High Performance Computing (HPC) in the Cloud
Buurst Staff

High Performance Computing  Solutions (HPC Storage Solutions) in the Cloud – Why We Need It, and How to Make It Work.

Novartis successfully completed a cancer drug project in AWS. The pharma giant leased 10,000 EC2 instances with about 87,000 compute cores for 9 hours at a disclosed cost of approximately $4,200. They estimated that the cost to purchase the equivalent hardware on-prem and associated expenses required to complete the same tasks would have been approximately $40M. Clearly, High-Performance Computing Solutions, or HPC, in the cloud is a game-changer. It reduces CAPEX, and computing time, and provides a level playing field for all – you don’t have to make a huge investment in infrastructure. Yet, after all these years, cloud HPC hasn’t taken off as one would expect. The reasons for the lack of popularity of HPC in the cloud are many, but one big deterrent is storage.
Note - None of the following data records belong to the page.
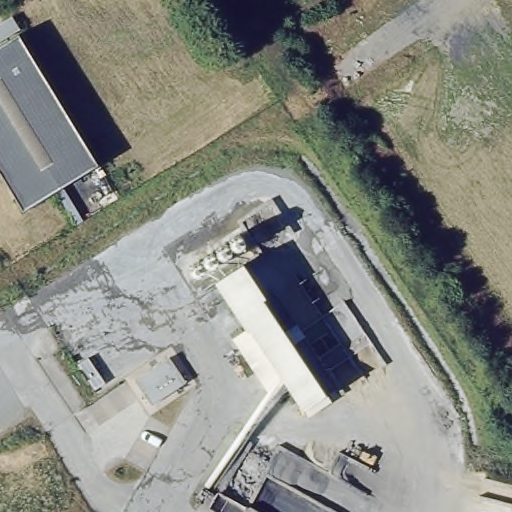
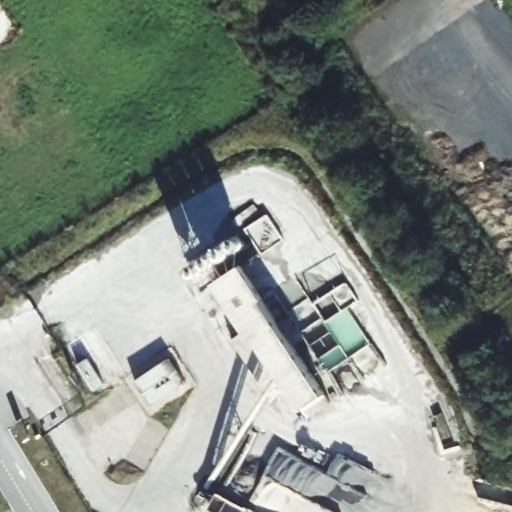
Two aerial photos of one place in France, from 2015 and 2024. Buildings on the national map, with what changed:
demolished [(95,166),(21,211),(0,177),(0,47),(17,36),(95,166)]
unchanged [(302,409),(288,387),(247,329),(215,280),(244,263),(267,298),(264,300),(326,394),(331,403),(308,418),(302,409)]
unchanged [(272,399),(232,339),(247,329),(288,387),(272,399)]
unchanged [(186,383),(151,405),(135,381),(169,358),(186,383)]

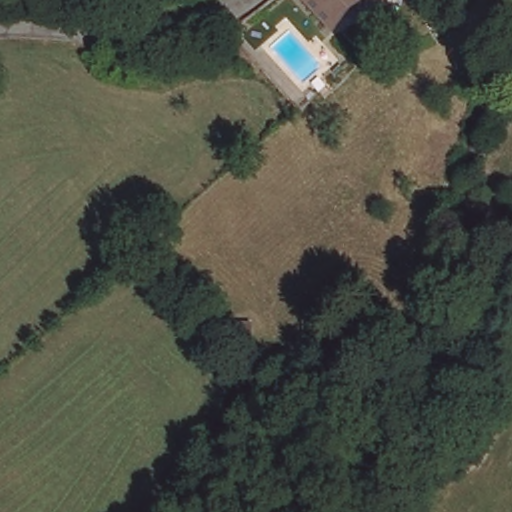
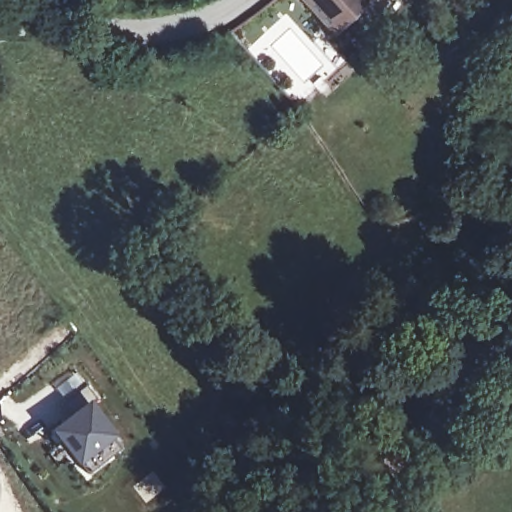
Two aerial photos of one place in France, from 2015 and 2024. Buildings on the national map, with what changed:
unchanged [(330,24),(308,0),(356,0),(330,24)]
new [(87,472),(76,461),(49,428),(70,413),(62,402),(85,385),(96,397),(90,402),(112,432),(111,434),(118,447),(87,472)]

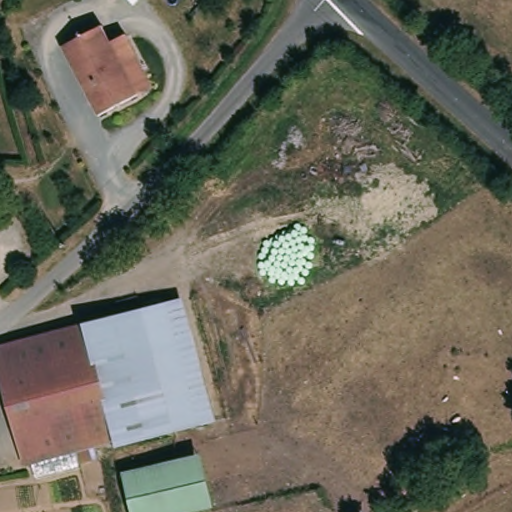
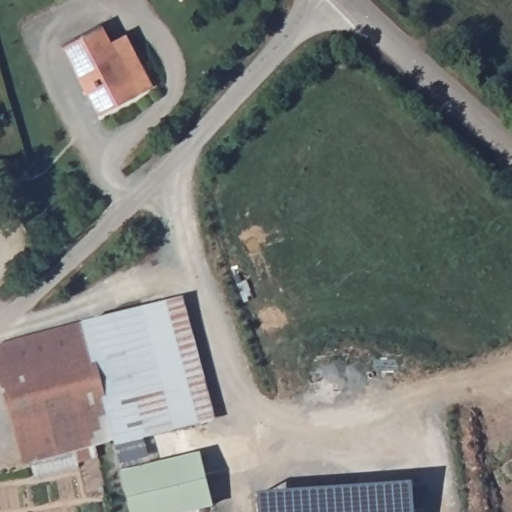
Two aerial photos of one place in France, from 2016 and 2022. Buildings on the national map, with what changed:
unchanged [(156,85),(141,92),(100,114),(65,45),(105,23),(125,63),(140,55),(156,85)]
unchanged [(84,321),(181,294),(208,400),(212,418),(117,443),(115,433),(84,321)]
unchanged [(84,321),(115,433),(99,437),(100,447),(76,454),(73,446),(42,453),(20,458),(0,378),(0,342),(84,321)]
unchanged [(175,512),(129,512),(120,474),(197,453),(210,502),(175,512)]
new [(414,484),(416,512),(260,512),(259,494),(414,484)]

Currently, available AWS and Azure services have throughput, capacity, pricing or cross-platform compatibility issues that make them less than adequate for cloud HPC workloads. For instance, AWS EFS requires a large minimum file system size to offer adequate throughput for HPC workloads. AWS EBS is a raw block device with a 16TB limit and requires an EC2 compute to front. AWS FsX for Lustre and Windows has similar issues as EBS and EFS.

The Azure Ultra SSD is still in preview. It supports only Windows Server and RHEL currently and is likely to be expensive too. Azure Premium Files, still in preview, have a 100TB share capacity that could be restrictive for some HPC workloads. Still, Microsoft promises 5GiB per share throughput with burstable IOPS to 100,000 per share with a capacity of up to 100TB per share.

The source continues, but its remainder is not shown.